Imagine a dataframe (this is an illustrative sample)
s <- c("January", "February", "March", "January", "March", "April")
t <- c(5, 3, 2, 3, 3, 7)
df1 <- as.data.frame(s)
df1[ , 2] <- t
Now for graphing purposes, I wanted to consolidate by month. If I write the code and then summarize:
library(dplyr)
df1$s <- factor(df1$s, levels = month.name)
summary <- df1 %>% group_by(a) %>% summarize(Sales = sum(V2))
The outputs are correct but out of order:
April 7
February 3
January 8
March 5
However, if I do the following:
df1$s <- as.factor(df1$s)
levels(df1$s) <- c("January", "February", "March", "April")
Summary <- df1 %>% group_by(s) %>% summarize(Sales = sum(V2))
The output are:
January 7
February 3
March 8
April 5
The sums are wrong but order is correct. Why would this be?

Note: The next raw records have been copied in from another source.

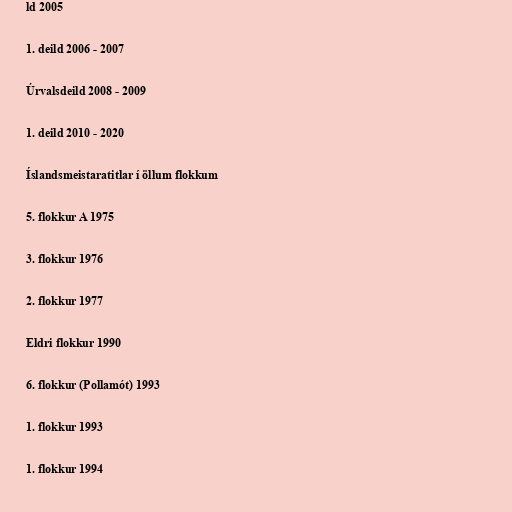
ld 2005

1. deild 2006 - 2007

Úrvalsdeild 2008 - 2009

1. deild 2010 - 2020

Íslandsmeistaratitlar í öllum flokkum

5. flokkur A 1975

3. flokkur 1976

2. flokkur 1977

Eldri flokkur 1990

6. flokkur (Pollamót) 1993

1. flokkur 1993

1. flokkur 1994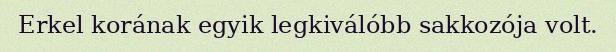
Erkel korának egyik legkiválóbb sakkozója volt.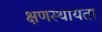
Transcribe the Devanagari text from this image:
क्षणस्थायता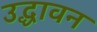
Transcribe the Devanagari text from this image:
उद्धावन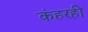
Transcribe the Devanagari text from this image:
कंहरही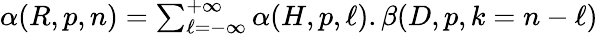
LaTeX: \begin{array}{r}{\alpha(R,p,n)=\sum_{\ell=-\infty}^{+\infty}\alpha(H,p,\ell).\beta(D,p,k=n-\ell)}\end{array}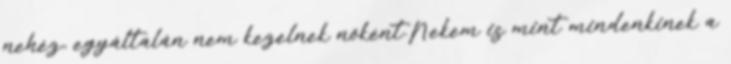
nehéz, egyáltalán nem kezelnek nőként.Nekem is mint mindenkinek a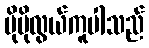
ပိုမိုလွယ်ကူပါသည်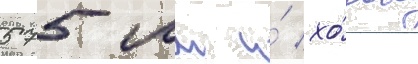
575 мм и́ хо́дом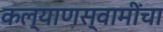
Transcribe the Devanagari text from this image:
कल्याणस्वामींचा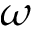
\omega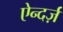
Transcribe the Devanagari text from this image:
ऐन्दर्ज़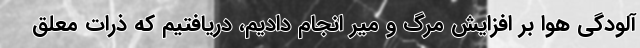
آلودگی هوا بر افزایش مرگ و میر انجام دادیم، دریافتیم که ذرات معلق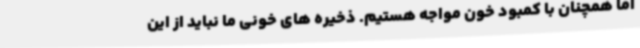
اما همچنان با کمبود خون مواجه هستیم. ذخیره های خونی ما نباید از این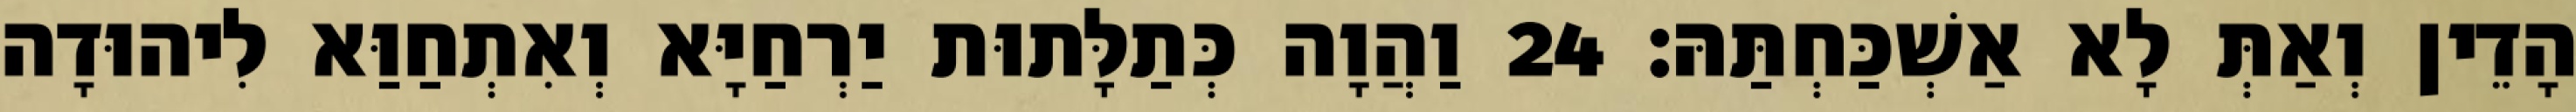
הָדֵין וְאַתְּ לָא אַשְׁכַּחְתַּהּ׃ 24 וַהֲוָה כְּתַלָּתוּת יַרְחַיָּא וְאִתְחַוַּא לִיהוּדָה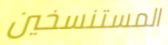
المستنسخين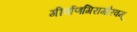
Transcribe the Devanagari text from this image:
गीर्वाणगिरागौरवम्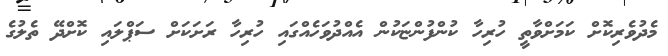
މެދުވެރިކޮށް ކަމަށްވާތީ ހުރިހާ ކުންފުންޏަކުން އެއްދުވަހެއްގައި ހުރިހާ ރަށަކަށް ސަޕްލައި ކޮށްދޭ ތެލުގެ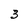
Character: 3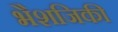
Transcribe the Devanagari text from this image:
भैशजिकी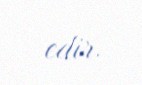
edir.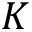
K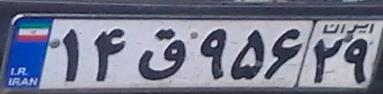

It's like it organizes by month alphabetically then resorts the Month column without changing the other values.
If you want to relevel factor, you can use the
forcats
package and manipulate factor order. As you see in the end of this post, your factor order was not in the month order. So, I usedfct_relevel()
to change the level and did the calculation.